I’m reviewing Her. Not the film, Her. The DVD arrived in the post and kept skipping, so I’ve no other choice.
From the day she was born to the present, the Queen has sat about on her crown jewels doing absolutely fucking nothing.
The ‘oh she works very hard’ crap that gets bandied about is unacceptable. She signs a few things if she’s not in bed moaning about her fucking dogs or racehorses, and everything else is done by advisors or servants. She doesn’t lift a finger about the house, she neither cooks nor cleans, she doesn’t know what ‘washing up’ means and I bet she leaves big poos in her solid gold chod bin without flushing.

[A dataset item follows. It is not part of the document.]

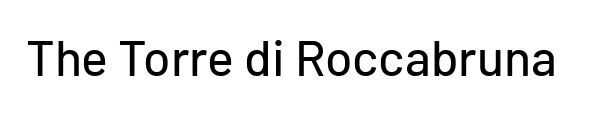
{"serif": "no", "italic": "no", "width": "normal", "stroke_contrast": "low", "x_height": "medium", "monospaced": "no", "underline": "no", "letter_spacing": "normal", "letter_spacing_em": 0.0, "glyph_px": 50}
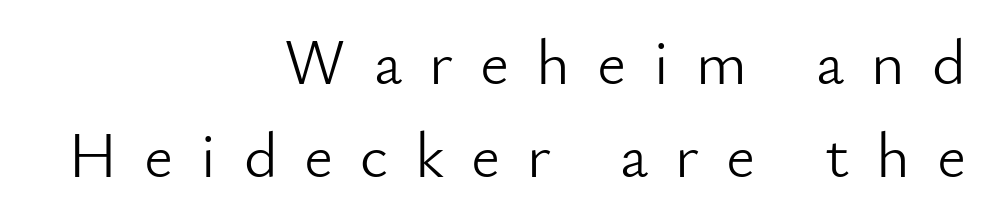
{"serif": "no", "italic": "no", "bold": "no", "weight": "light", "width": "normal", "stroke_contrast": "low", "x_height": "small", "monospaced": "no", "underline": "no", "align": "right", "line_spacing": "normal", "line_spacing_ratio": 1.46, "letter_spacing": "wide", "letter_spacing_em": 0.42, "glyph_px": 64}

My grandfather turned 100 last month. Amid all the celebrations someone appeared with a telegram from Her Royal Scrotness. It featured a dour fizzog picture of my shit don’t stink Highness, a printed load of drivel which can be boiled down to ‘yeah, you’re 100 which is okay by me’ and a signature which I doubt was hers anyway and looked more like ‘Easynow’ than ‘Elizabeth’.
I was dead unimpressed, here is a man that has seen two world wars, fought in one, has clawed his way up from abject poverty to hosting glittering soirees for prime ministers and heads of state, is the patriarch of an enormous and for the most part, happy family and all he gets is a half-baked tag from a person who can’t make fucking toast.
Let’s face it; the Queen is a miserable old cow (married to fucking alcoholic racist with genuinely inbred offspring. Come on, those ears don’t come from a rational gene pool) and recently poor Annie Leibowitz copped her ‘one is not amused’ in the face.
She was only trying to take a portrait photo of the gem-encrusted slattern. Oh, fuck me, the work required to sit around on ones Royal freckle and look holier than thou, the German tool. Anyway, because she had to appoint servant #45 for the state opening of a tin of Ceaser for Aloisius the 3rd, her fave Corgi of all time, she got all shirty with Annie due to the unbearable pressure of having to do two things in the same week.
Basically, Leibovitz told the Queen she will look better without her tiara because “the Garter robe is so…” Before she can say “extraordinary”, the Queen replies, pointing to what she is wearing: “Less dressy. What do you think this is?” And then fucked off out it muttering “I’m not changing anything. I’ve had enough dressing like this, thank you very much.” What? Had enough of not wearing your tiara?
If I’d been Annie I’d have said ‘sorry, are you fucking talking to me?’ and kicked her Royal Highness in cunt for being sarky. Uncannily, this is just the sort of behaviour that midget red-faced Princess Elton John would carry out. I mean at least he gave us ‘rocket man’, apart from organising Diana’s execution what has that Royal git ever done for anyone?
What is more is we, the public, pay for her upkeep. It’s a fucking disgrace.